JMM: QUEL EST LE RÔLE DE PUERTOS DEL ESTADO?
J.L.: Puertos del Estado a trois missions principales. La première est celle de réguler le système portuaire dans son ensemble. Nous devons faire en sorte que les conditions de la concurrence soient les mêmes pour tous les ports. Le plan d’entreprise annuel, que chacune des 28 entreprises doit présenter à Puertos del Estado pour être négocié et approuvé, est un instrument clé. Le plan d’entreprise détermine, notamment, les investissements à réaliser et le niveau des droits portuaires.
Puertos del Estado a également une mission de contrôle et d’audit du système portuaire. Il doit s’assurer que les autorités portuaires respectent la législation en vigueur. Enfin, c’est l’organisme spécialisé du gouvernement en matière de politique portuaire: il est chargé d’appliquer la stratégie globale en matière de transports du ministère de l’Équipement, tout en préservant l’autonomie des autorités portuaires.

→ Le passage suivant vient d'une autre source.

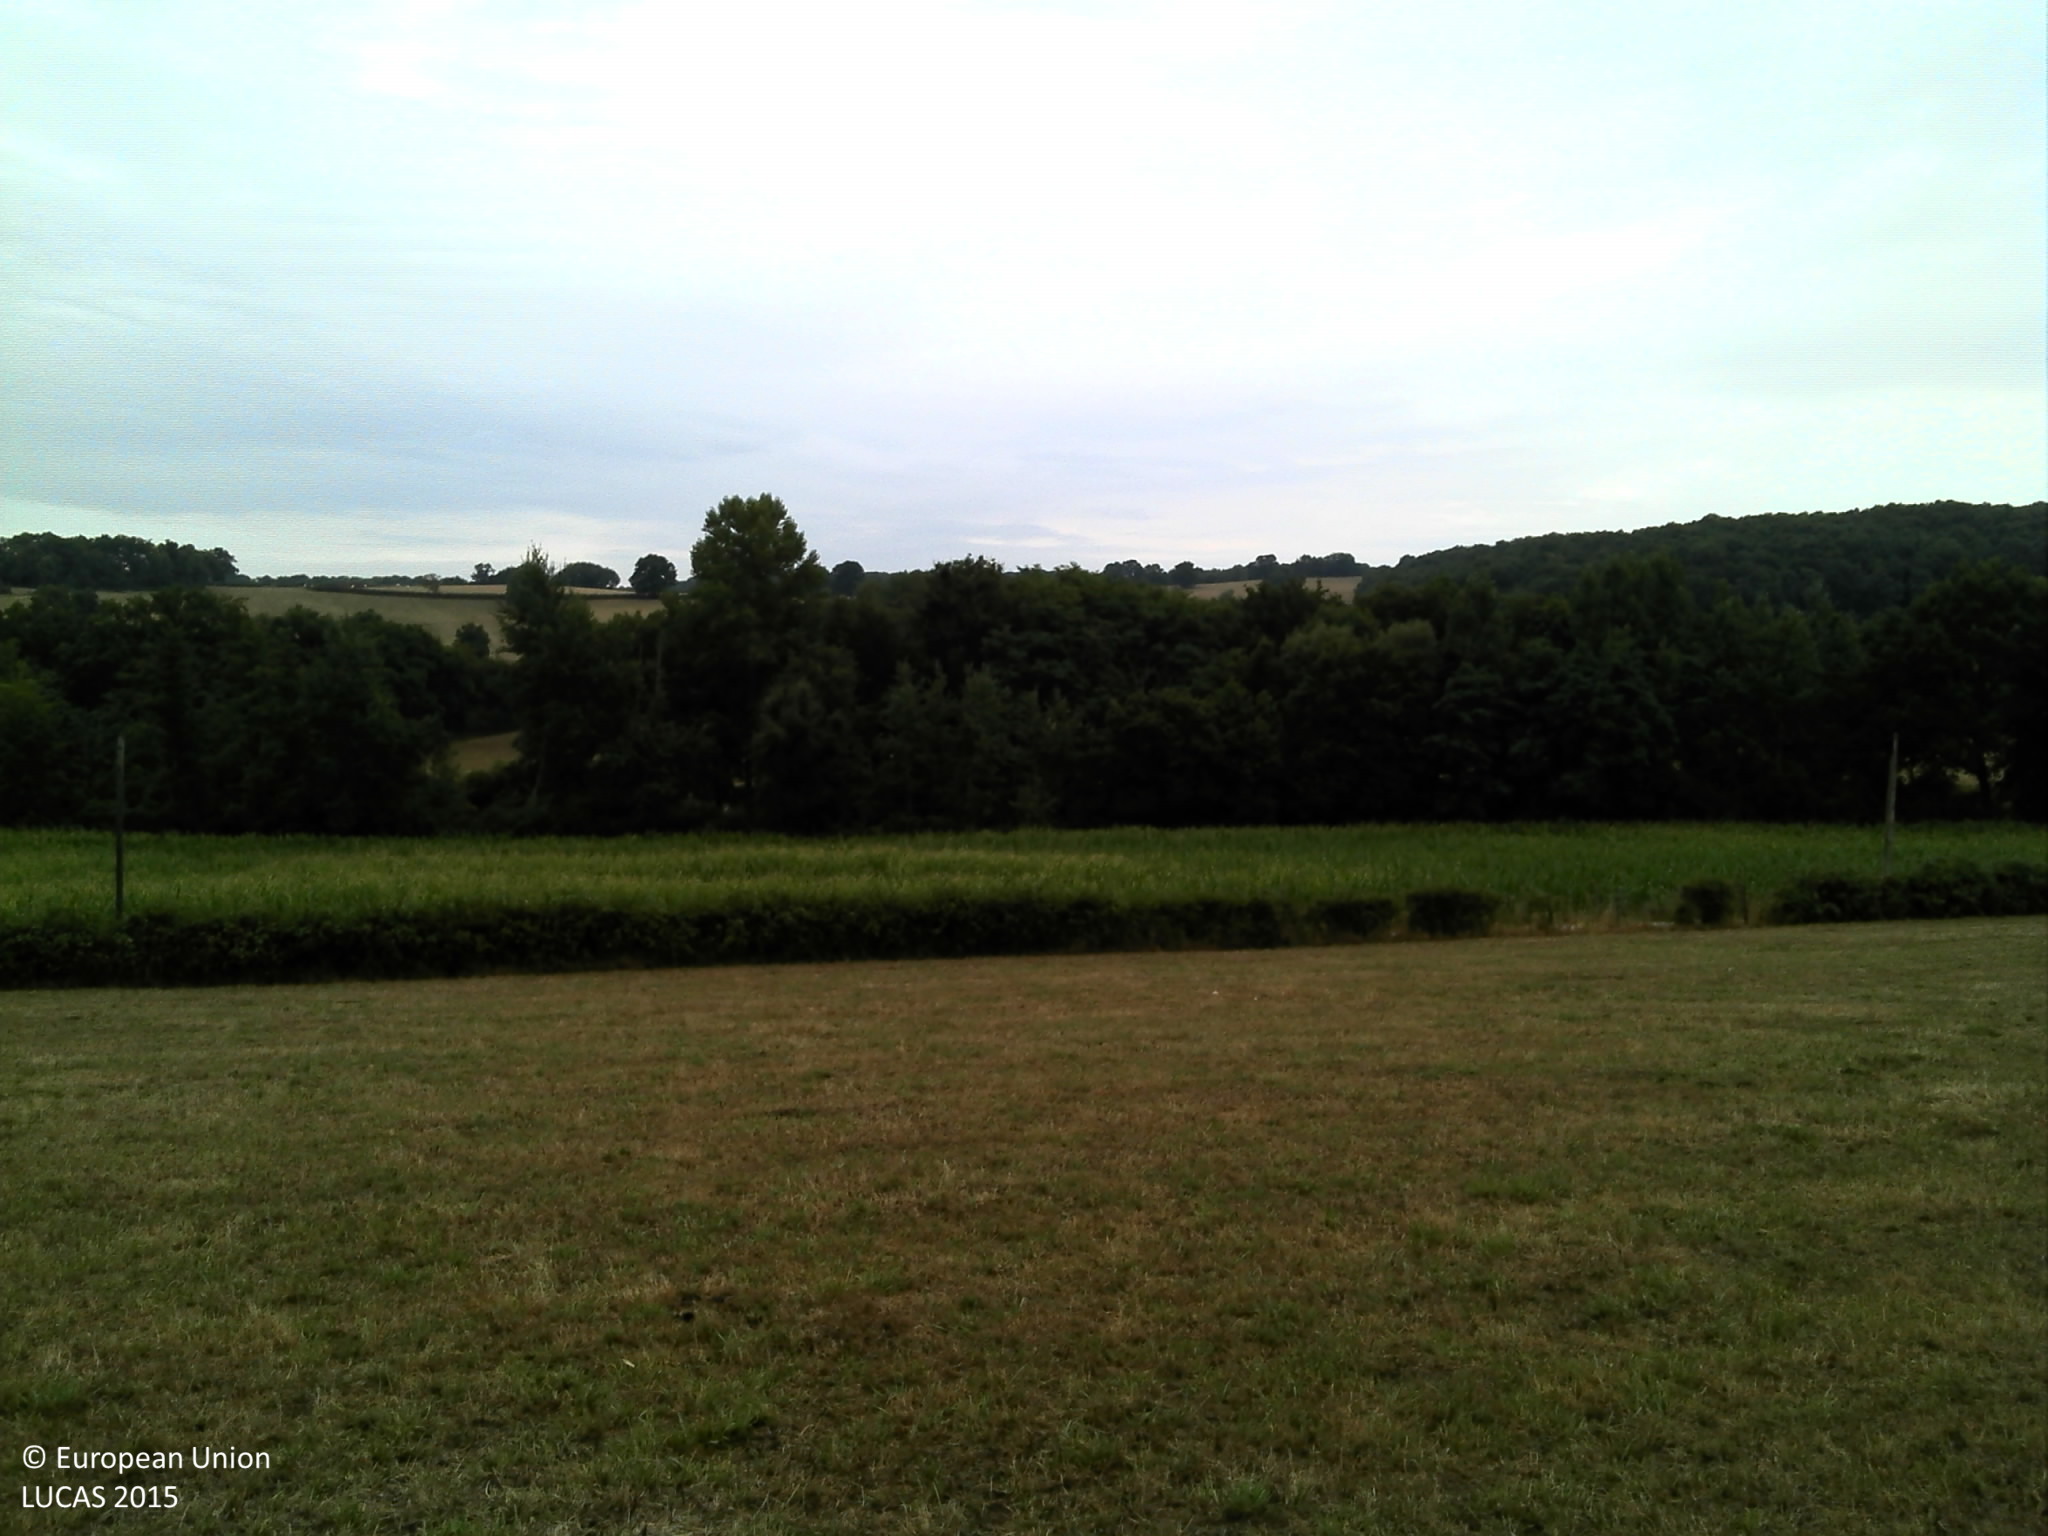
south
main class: Grassland
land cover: Grassland without tree/shrub cover
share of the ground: > 75 %
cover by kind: herbaceous plants 100 %
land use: Agriculture (excluding fallow land and kitchen gardens)
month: August
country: FR
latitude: 46.1485
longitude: 4.0326

JMM: QUEL BILAN TIREZ-VOUS DE L’APPLICATION DE LA LOI SUR LES PORTS APPROUVÉE EN 2010?
J.L.: La réforme approuvée par le Parlement en 2010 est importante dans la mesure où elle a été le résultat d’un consensus entre les deux principaux partis politiques espagnols. Cependant, le changement fondamental s’est produit en 2003 avec l’approbation de la loi 48/2003 qui a défini les caractéristiques principales du système en vigueur actuellement.
Cette loi a introduit le système des droits portuaires avec la possibilité d’apporter des bonifications pour des trafics déterminés et a établi un système de concurrence en matière de prestation de services portuaires et de libre accès régulé. Le texte a également introduit la privatisation des sociétés de gestion du personnel de la manutention.
Le bilan est positif. En 2012, les bonifications de trafics ont atteint 96 M€ et le système portuaire espagnol dans son ensemble a dégagé un bénéfice net de 236 M€ (+ 44 % par rapport à 2011). Nous avons transféré à l’économie productive une partie de l’amélioration de l’efficacité du système portuaire. Néanmoins, les niveaux des coûts d’escale et de manutention demeurent élevés si on les compare à ceux de nos concurrents immédiats.
JMM: QUELLES INITIATIVES COMPTEZ-VOUS PRENDRE?
J.L.: Le gouvernement prépare actuellement un projet de modification de la loi en vigueur. Il s’agit d’abord de réduire les coûts portuaires relatifs à l’utilisation des infrastructures et les coûts fixes des concessionnaires relatifs à l’occupation privative du domaine public. De plus, les possibilités de bonifications seront élargies pour certains trafics, notamment le transbordement. La durée des concessions pourra atteindre jusqu’à 50 ans (contre 35 actuellement).
Le projet comportera également l’élimination des barrières d’accès à la prestation de services avec la mise en place d’exigences identiques pour tous les prestataires et la rationalisation des tarifs maximum, dans le cas d’un prestataire unique, y compris leur désindexation. La flexibilisation de la manutention, en évitant les rigidités et en développant des mécanismes qui favorisent la réduction des coûts, est un autre dossier que nous devrons forcément aborder, en raison de la situation créée par la décision de la Commission de saisir la Cour de Justice de l’Union européenne à propos de notre législation actuelle.
JMM: COMMENT VOYEZ-VOUS L’INTÉGRATION DES PORTS DANS LES RÉSEAUX DE TRANSPORTS?
J.L.: Il faut continuer à améliorer la connectivité routière et ferroviaire de nos ports. Nous sommes favorables au cofinancement des accès avec les autorités portuaires, dans les cas où ceci est possible. Il est prévu de créer un Fonds ferroportuaire. L’amélioration de l’efficacité de l’intermodalité maritime/terrestre doit être un élément d’impulsion du trafic portuaire et de réduction des coûts logistiques.